Environmental
Monitoring:
The Why, Where, What, and
How?
October
20, 2009 WEBINAR
NOON - 1:30 pm EDT
The FDA expects pharmaceutical
manufacturers to be in control of the environmental
conditions within the manufacturing facility. Controlling
the environmental condition is not only a regulatory
requirement but also part of protecting and producing a
quality product. This presentation will define what is
meant by environment, what conditions are required and how
such conditions maybe dictated by the type of product
being processed. The
presentation will then proceed to discuss how to obtain
the desired environmental conditions, manage the
conditions within the space, and what is required to
ensure that the environmental conditions remain in a state
of control. We will define standard environmental
conditions to be maintained in manufacturing space based
on published standards and compendial documents. A
hypothetical biotech manufacturing facility will be used
as an example to show the use of various conditions as
they apply to various activities within the processing of
a Biotech product. Finally the presentation will describe various
methods to monitor such conditions and where to monitor
within the space. The frequency of the monitoring will be
reviewed based on the criticality of the activity being
performed in the space. We will emphasize how to collect
the data and what to do with the data once collected.
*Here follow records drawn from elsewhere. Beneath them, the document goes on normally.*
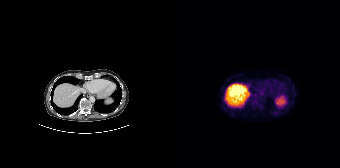
Left: CT. Right: PSMA PET, same axial level, 18F tracer. Slice position z = -883 mm. PET panel 168×168 px (4.1 mm/px). Negative for PSMA-avid disease on this slice.
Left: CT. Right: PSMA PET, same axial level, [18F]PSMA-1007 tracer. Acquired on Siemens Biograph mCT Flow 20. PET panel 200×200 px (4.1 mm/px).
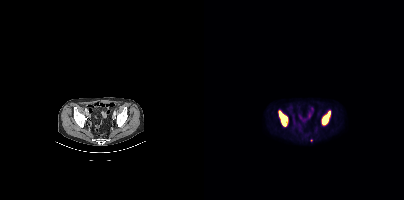
Coordinates are on the 200×200 PET (right) panel. (showing 2 of 3 foci) PSMA-avid tumor lesion bounding boxes (x0, y0)-(x1, y1): (118, 111)-(126, 124) | (75, 111)-(83, 125).
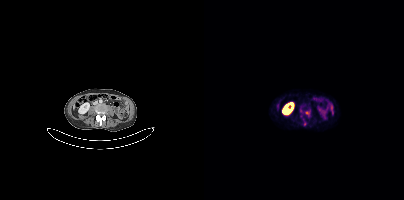
- Left: CT. Right: PSMA PET, same axial level, 68Ga-PSMA tracer
- PET panel 200×200 px (4.1 mm/px)
Findings: Coordinates are on the 200×200 PET (right) panel. PSMA-avid tumor lesion bounding box (x, y, width, height): x=100 y=121 w=3 h=5.
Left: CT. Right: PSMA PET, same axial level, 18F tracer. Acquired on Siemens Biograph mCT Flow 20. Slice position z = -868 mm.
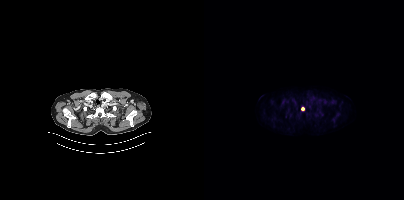
Coordinates are on the 200×200 PET (right) panel. Small PSMA-avid focus (2 to 4 px across) near (center x, center y): (98, 108).
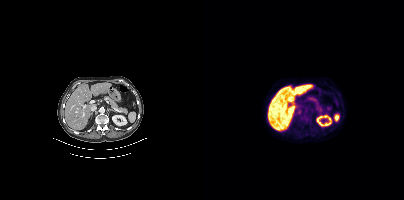
Findings: No tumor lesions annotated on this slice.
Technique: Left: CT. Right: PSMA PET, same axial level, 18F tracer. acquired on Siemens Biograph mCT Flow 20. slice 201 of 429.
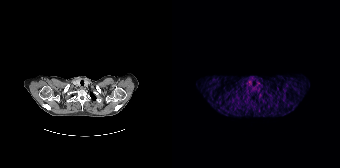
No PSMA-avid tumor lesions on this slice.
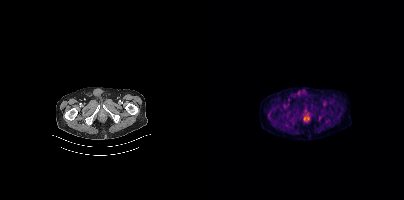
Two-panel axial: CT | PSMA PET, 18F tracer. This slice has no annotated PSMA-avid lesion.
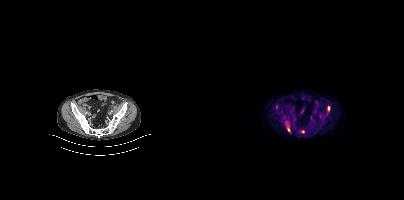
Coordinates are on the 200×200 PET (right) panel. PSMA-avid tumor lesion bounding boxes:
| # | x0 | y0 | x1 | y1 |
|---|---|---|---|---|
| 1 | 124 | 106 | 125 | 110 |
Small PSMA-avid foci (2 to 4 px across) near (center x, center y): (84, 129); (99, 131).
Paired axial CT (left) and PSMA PET (right), [18F]PSMA-1007 tracer. Acquired on Siemens Biograph mCT Flow 20. Slice position z = -904 mm.
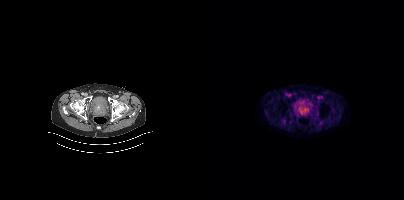
Coordinates are on the 200×200 PET (right) panel. PSMA-avid tumor lesion bounding boxes:
| # | x0 | y0 | x1 | y1 |
|---|---|---|---|---|
| 1 | 93 | 104 | 105 | 116 |
Left: CT. Right: PSMA PET, same axial level, 18F tracer. Slice 74 of 401. PET panel 200×200 px (4.1 mm/px).
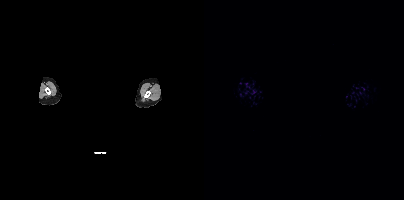
Negative for PSMA-avid disease on this slice. Paired axial CT (left) and PSMA PET (right), 18F tracer. Acquired on Siemens Biograph mCT Flow 20. PET panel 200×200 px (4.1 mm/px). De-identified by setting a box covering the face to black before release.
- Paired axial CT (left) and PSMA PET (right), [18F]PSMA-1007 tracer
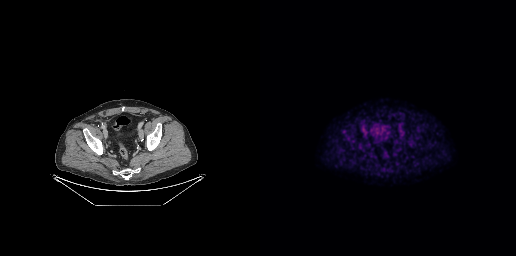
Findings: This slice has no annotated PSMA-avid lesion.
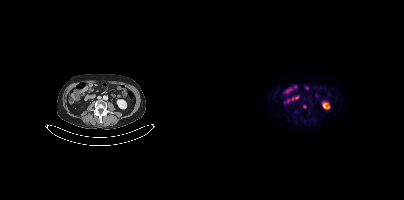
Paired axial CT (left) and PSMA PET (right), [18F]PSMA-1007 tracer. Slice position z = -32 mm. Coordinates are on the 200×200 PET (right) panel. Small PSMA-avid focus (2 to 4 px across) near (center x, center y): (100, 106).
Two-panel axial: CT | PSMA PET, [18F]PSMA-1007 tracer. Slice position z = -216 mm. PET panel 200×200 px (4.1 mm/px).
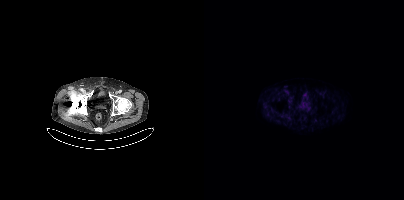
No PSMA-avid tumor lesions on this slice.
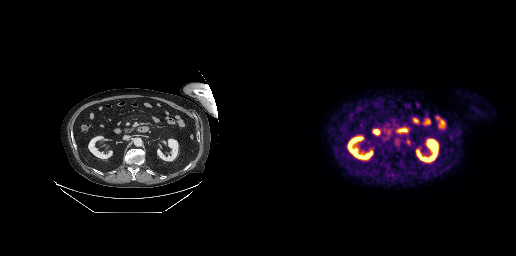
Paired axial CT (left) and PSMA PET (right), 18F tracer. PET panel 256×256 px (2.7 mm/px).
Coordinates are on the 256×256 PET (right) panel. PSMA-avid tumor lesion bounding boxes:
| # | x0 | y0 | x1 | y1 |
|---|---|---|---|---|
| 1 | 147 | 140 | 149 | 144 |
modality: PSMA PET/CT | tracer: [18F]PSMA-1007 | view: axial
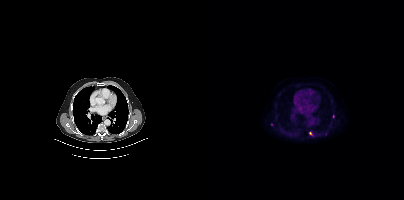
Coordinates are on the 200×200 PET (right) panel. (showing 1 of 2 foci) Small PSMA-avid focus (2 to 4 px across) near (center x, center y): (106, 133).
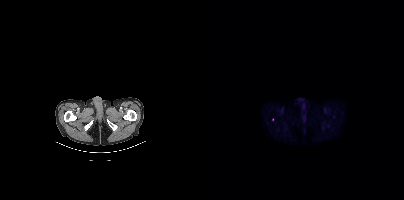
- Left: CT. Right: PSMA PET, same axial level, 18F tracer
- PET panel 200×200 px (4.1 mm/px)
Findings: Only PSMA-avid lesion pieces thinner than 2 px on this slice (not listed).
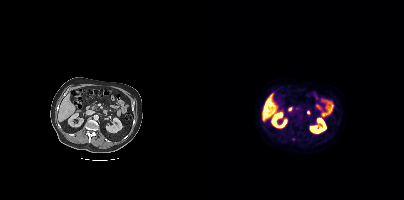
Findings: Negative for PSMA-avid disease on this slice.
Technique: Left: CT. Right: PSMA PET, same axial level, [18F]PSMA-1007 tracer. slice 209 of 431.
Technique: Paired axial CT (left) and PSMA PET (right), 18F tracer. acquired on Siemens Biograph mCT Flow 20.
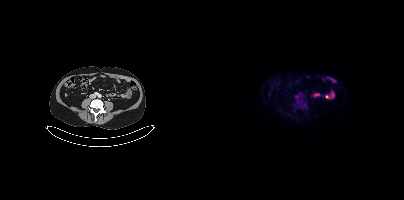
Findings: No tumor lesions annotated on this slice.
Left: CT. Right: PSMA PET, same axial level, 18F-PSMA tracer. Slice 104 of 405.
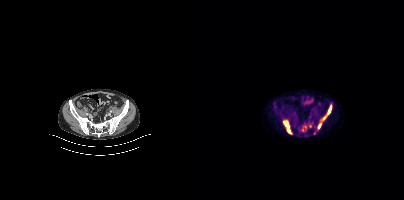
Coordinates are on the 200×200 PET (right) panel. PSMA-avid tumor lesion bounding boxes:
| # | x0 | y0 | x1 | y1 |
|---|---|---|---|---|
| 1 | 114 | 105 | 127 | 128 |
| 2 | 79 | 120 | 87 | 133 |
Small PSMA-avid foci (2 to 4 px across) near (center x, center y): (98, 130); (101, 127); (106, 125).
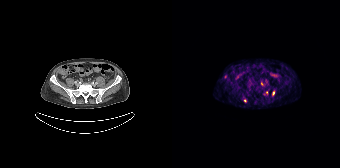
Coordinates are on the 168×168 PET (right) panel. Small PSMA-avid foci (2 to 4 px across) near (center x, center y): (101, 92); (73, 100); (94, 92); (89, 83). Paired axial CT (left) and PSMA PET (right), 68Ga tracer. Slice 68 of 195.
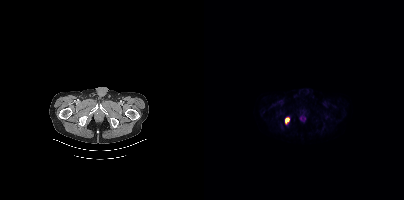
Coordinates are on the 200×200 PET (right) panel. Small PSMA-avid focus (2 to 4 px across) near (center x, center y): (82, 119).
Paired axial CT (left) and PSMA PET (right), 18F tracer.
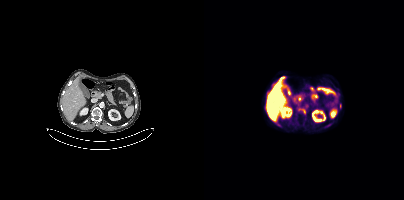
Coordinates are on the 200×200 PET (right) panel. PSMA-avid tumor lesion bounding boxes:
| # | x0 | y0 | x1 | y1 |
|---|---|---|---|---|
| 1 | 94 | 108 | 101 | 113 |
Small PSMA-avid focus (2 to 4 px across) near (center x, center y): (136, 105).
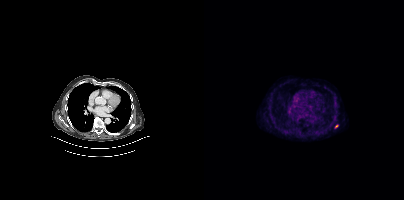
Coordinates are on the 200×200 PET (right) panel. Small PSMA-avid focus (2 to 4 px across) near (center x, center y): (132, 125).
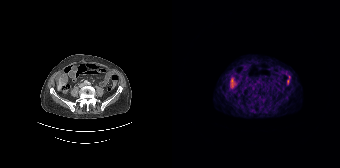
{"pet_grid":[168,168],"coord_frame":"pet_panel","coord_format":"x0,y0,x1,y1","lesion_bboxes":[[58,79,63,86]],"modality":"PSMA PET/CT","view":"axial","tracer":"68Ga"}
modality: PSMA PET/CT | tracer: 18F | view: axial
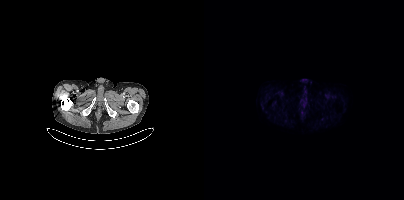
Negative for PSMA-avid disease on this slice.
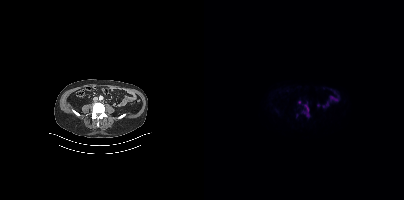
{"modality":"PSMA PET/CT","view":"axial","tracer":"18F-PSMA","pet_grid":[200,200],"coord_frame":"pet_panel","coord_format":"x0,y0,x1,y1","partial":true,"lesion_bboxes":[[98,103,105,114]]}
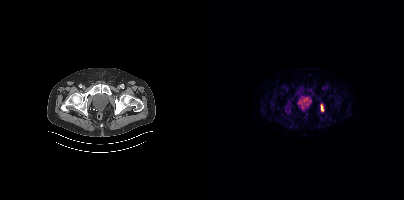
Coordinates are on the 200×200 PET (right) panel. PSMA-avid tumor lesion bounding box (x0,y0,x1,y1): [116,105,120,111].
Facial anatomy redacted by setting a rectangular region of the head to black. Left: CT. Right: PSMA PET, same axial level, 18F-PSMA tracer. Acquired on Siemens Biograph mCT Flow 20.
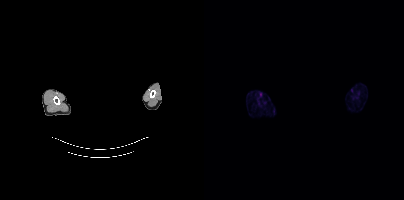
Negative for PSMA-avid disease on this slice.
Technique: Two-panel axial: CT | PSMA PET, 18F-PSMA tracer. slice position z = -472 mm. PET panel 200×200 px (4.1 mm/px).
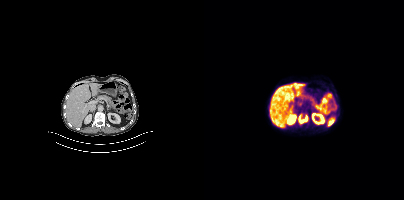
Findings: Coordinates are on the 200×200 PET (right) panel. PSMA-avid tumor lesion bounding box (x, y, width, height): x=94 y=114 w=10 h=10.
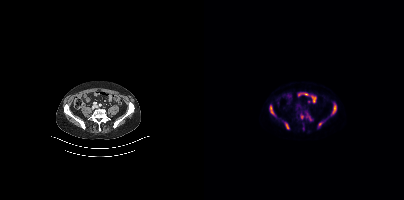
Coordinates are on the 200×200 PET (right) panel. PSMA-avid tumor lesion bounding boxes (x0,y0,x1,y1): [101,114,108,121] [66,105,70,115] [128,104,132,113] [81,122,85,129] [114,122,119,127]. Small PSMA-avid focus (2 to 4 px across) near (center x, center y): (98, 117).
modality: PSMA PET/CT | tracer: 18F | view: axial | PET grid: 200×200
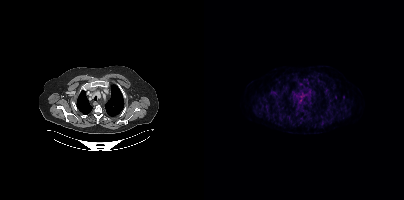
modality: PSMA PET/CT | tracer: 18F | view: axial | PET grid: 200×200
This slice has no annotated PSMA-avid lesion.
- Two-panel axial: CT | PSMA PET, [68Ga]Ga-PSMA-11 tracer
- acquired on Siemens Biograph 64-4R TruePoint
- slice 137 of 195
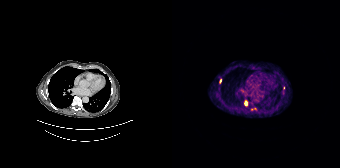
Findings: Coordinates are on the 168×168 PET (right) panel. (showing 2 of 3 foci) Small PSMA-avid foci (2 to 4 px across) near (center x, center y): (73, 102) (48, 80).
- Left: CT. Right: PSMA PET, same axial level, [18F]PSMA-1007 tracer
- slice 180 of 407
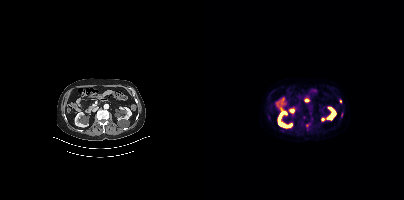
Findings: Coordinates are on the 200×200 PET (right) panel. (showing 2 of 4 foci) PSMA-avid tumor lesion bounding box (x0,y0,x1,y1): [102,125,104,130]. Small PSMA-avid focus (2 to 4 px across) near (center x, center y): (136, 101).
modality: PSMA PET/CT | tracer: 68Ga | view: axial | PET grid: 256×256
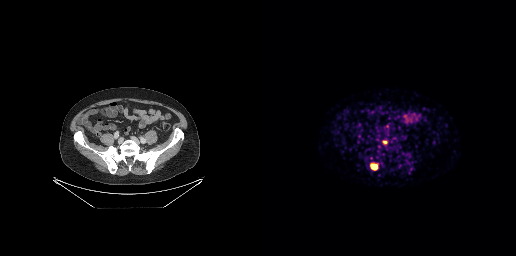
Coordinates are on the 256×256 PET (right) panel. PSMA-avid tumor lesion bounding box (x, y, width, height): x=110 y=164 w=8 h=6. Small PSMA-avid focus (2 to 4 px across) near (center x, center y): (125, 142).
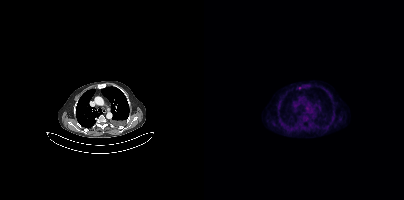
- Left: CT. Right: PSMA PET, same axial level, 18F-PSMA tracer
- acquired on Siemens Biograph mCT Flow 20
- PET panel 200×200 px (4.1 mm/px)
Findings: Coordinates are on the 200×200 PET (right) panel. Small PSMA-avid focus (2 to 4 px across) near (center x, center y): (95, 87).
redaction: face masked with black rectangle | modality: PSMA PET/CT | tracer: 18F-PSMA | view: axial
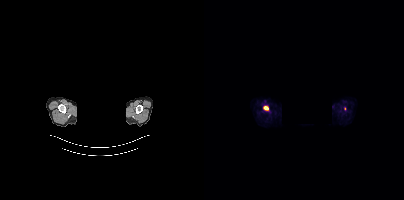
Coordinates are on the 200×200 PET (right) panel. PSMA-avid tumor lesion bounding box (x0,y0,x1,y1): [59,105,64,110].
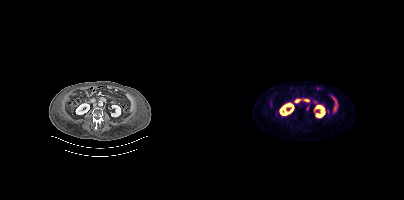
{"modality":"PSMA PET/CT","view":"axial","tracer":"[18F]PSMA-1007","pet_grid":[200,200],"coord_frame":"pet_panel","coord_format":"x0,y0,x1,y1","partial":true,"lesion_bboxes":[],"small_foci_centers":[[103,107]]}
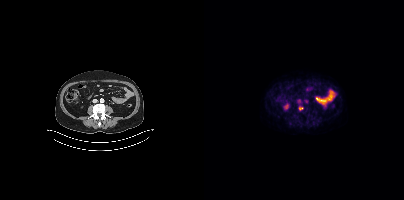
{"pet_grid":[200,200],"coord_frame":"pet_panel","coord_format":"x0,y0,x1,y1","lesion_bboxes":[],"small_foci_centers":[[96,107]],"modality":"PSMA PET/CT","view":"axial","tracer":"18F-PSMA"}
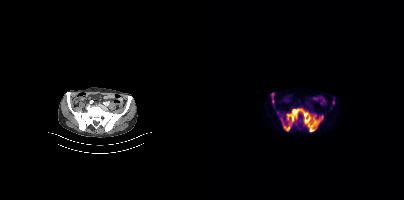
Coordinates are on the 200×200 PET (right) panel. PSMA-avid tumor lesion bounding boxes (x0,y0,x1,y1): [79,108,119,131]; [67,93,70,102]. Small PSMA-avid foci (2 to 4 px across) near (center x, center y): (129, 102); (73, 112); (77, 119).
modality: PSMA PET/CT | tracer: 18F | view: axial | PET grid: 200×200
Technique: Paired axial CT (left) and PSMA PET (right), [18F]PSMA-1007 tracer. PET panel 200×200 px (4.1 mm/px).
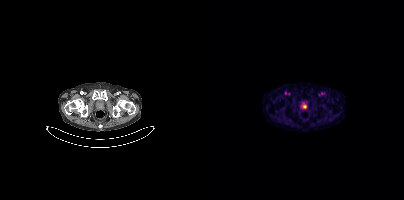
Findings: Coordinates are on the 200×200 PET (right) panel. Small PSMA-avid focus (2 to 4 px across) near (center x, center y): (100, 106).
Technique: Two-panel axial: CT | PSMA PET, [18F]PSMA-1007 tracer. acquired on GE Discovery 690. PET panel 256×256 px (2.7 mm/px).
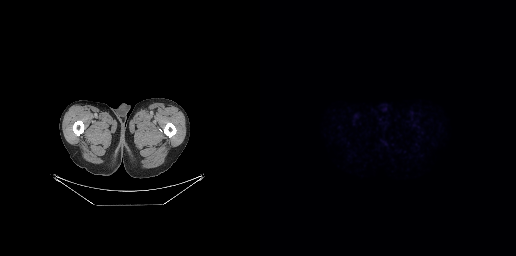
Findings: No tumor lesions annotated on this slice.
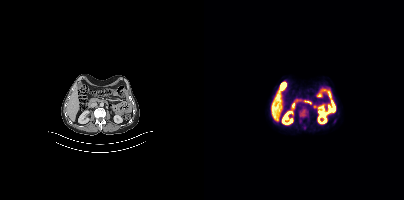
{"modality":"PSMA PET/CT","view":"axial","tracer":"18F-PSMA","pet_grid":[200,200],"coord_frame":"pet_panel","coord_format":"x0,y0,x1,y1","lesion_bboxes":[[96,110,101,116]]}
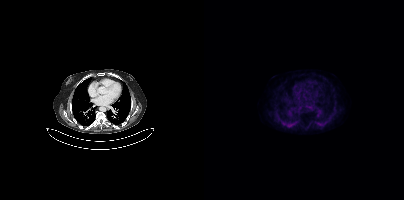
Findings: Negative for PSMA-avid disease on this slice.
Technique: Paired axial CT (left) and PSMA PET (right), 18F-PSMA tracer. acquired on Siemens Biograph mCT Flow 20. slice 265 of 395.
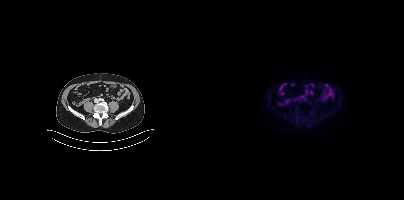
This slice has no annotated PSMA-avid lesion.
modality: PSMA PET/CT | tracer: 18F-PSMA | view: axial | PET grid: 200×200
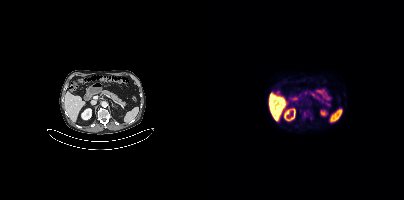
Coordinates are on the 200×200 PET (right) panel. Small PSMA-avid focus (2 to 4 px across) near (center x, center y): (100, 113).
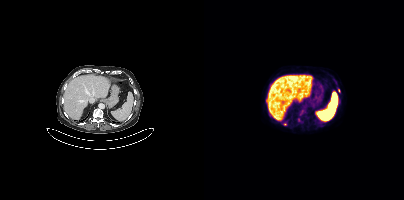
Coordinates are on the 200×200 PET (right) panel. (showing 2 of 4 foci) Small PSMA-avid foci (2 to 4 px across) near (center x, center y): (134, 90) | (81, 124).
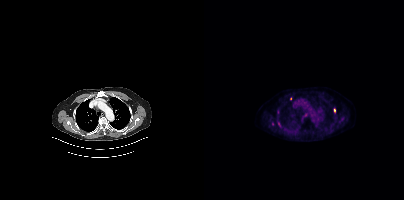
Two-panel axial: CT | PSMA PET, 18F tracer. PET panel 200×200 px (4.1 mm/px). Coordinates are on the 200×200 PET (right) panel. (showing 5 of 6 foci) Small PSMA-avid foci (2 to 4 px across) near (center x, center y): (68, 123) / (130, 110) / (73, 112) / (74, 124) / (86, 98).
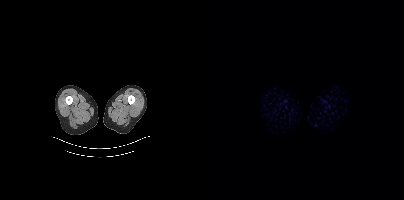
This slice has no annotated PSMA-avid lesion. Two-panel axial: CT | PSMA PET, [18F]PSMA-1007 tracer. Acquired on Siemens Biograph mCT Flow 20. Slice position z = -1708 mm.
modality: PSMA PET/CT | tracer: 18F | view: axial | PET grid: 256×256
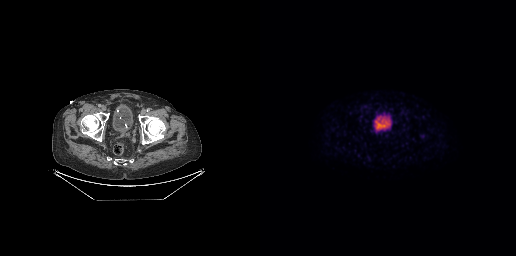
Negative for PSMA-avid disease on this slice.
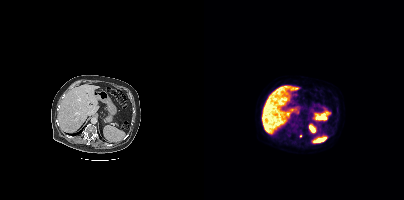
Coordinates are on the 200×200 PET (right) panel. Small PSMA-avid focus (2 to 4 px across) near (center x, center y): (96, 135). Left: CT. Right: PSMA PET, same axial level, [18F]PSMA-1007 tracer. PET panel 200×200 px (4.1 mm/px).
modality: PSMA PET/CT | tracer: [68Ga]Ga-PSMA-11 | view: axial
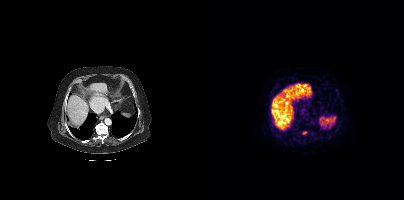
Coordinates are on the 200×200 PET (right) panel. Small PSMA-avid focus (2 to 4 px across) near (center x, center y): (100, 133).
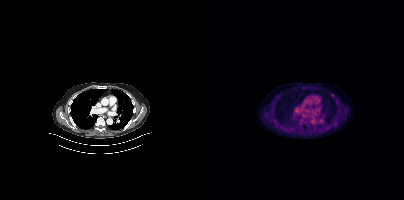
modality: PSMA PET/CT | tracer: 18F-PSMA | view: axial
Coordinates are on the 200×200 PET (right) panel. Small PSMA-avid foci (2 to 4 px across) near (center x, center y): (123, 126), (128, 95).
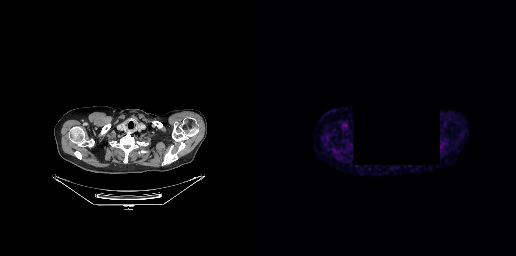
Technique: Paired axial CT (left) and PSMA PET (right), 18F tracer. slice 226 of 263. PET panel 256×256 px (2.7 mm/px).
Note: A black rectangle in this scan is a privacy mask, not anatomy.
Findings: No PSMA-avid tumor lesions on this slice.
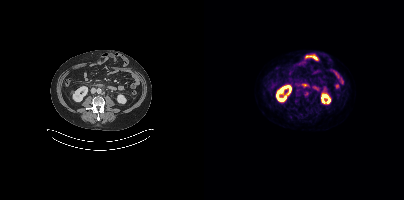
Findings: Coordinates are on the 200×200 PET (right) panel. PSMA-avid tumor lesion bounding box (x, y, width, height): x=100 y=91 w=5 h=5.
Technique: Paired axial CT (left) and PSMA PET (right), 18F tracer. acquired on Siemens Biograph mCT Flow 20. PET panel 200×200 px (4.1 mm/px).
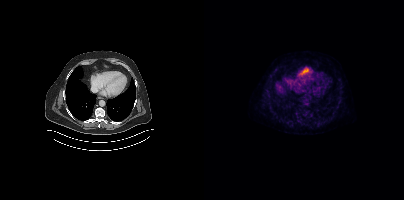
- Two-panel axial: CT | PSMA PET, [18F]PSMA-1007 tracer
Findings: Only PSMA-avid lesion pieces thinner than 2 px on this slice (not listed).
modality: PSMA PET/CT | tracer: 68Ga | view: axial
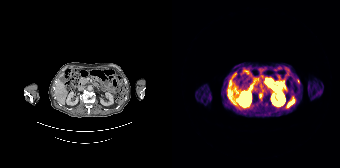
Only PSMA-avid lesion pieces thinner than 2 px on this slice (not listed).

Trending, identifying alert and action limits will be
defined and possible preventive and corrective actions
will be reviewed. Through
out the presentation we will review actual FDA 483
observation as they relate to environmental monitoring to
emphasize the issues of most concern to the regulators. We
will allow some time for Q&A at the conclusion of the
presentation. By
attending you will learn:
- What are the regulatory
requirements
- Where is the environment
- How to control the environment
- What are the basic methods to monitor
the environment
- Where to monitor within the
space
- What are the variables you should
monitor and the frequency of monitoring
- How to look for to and identify
potential problems
Instructor: Gamal Amer, Ph.
D.
Dr. Amer is Principal at Premier
Compliance Services, Inc.; Management Consultants for
compliance and manufacturing operations performance in the
life sciences industry. He holds a Ph. D. in Chemical
Engineering and has over 30 years of experience in the
Pharmaceutical and related industries. He has held
positions of increased responsibility with leading
pharmaceutical, consumer product and engineering
consulting firms over the years. His experience includes
comprehensive process design in bulk pharmaceutical
manufacturing, biotechnology manufacturing, pharmaceutical
solid dosage manufacturing and containment of potent and
radioactive therapeutics. He is also experienced with
facility development for therapeutic products operations.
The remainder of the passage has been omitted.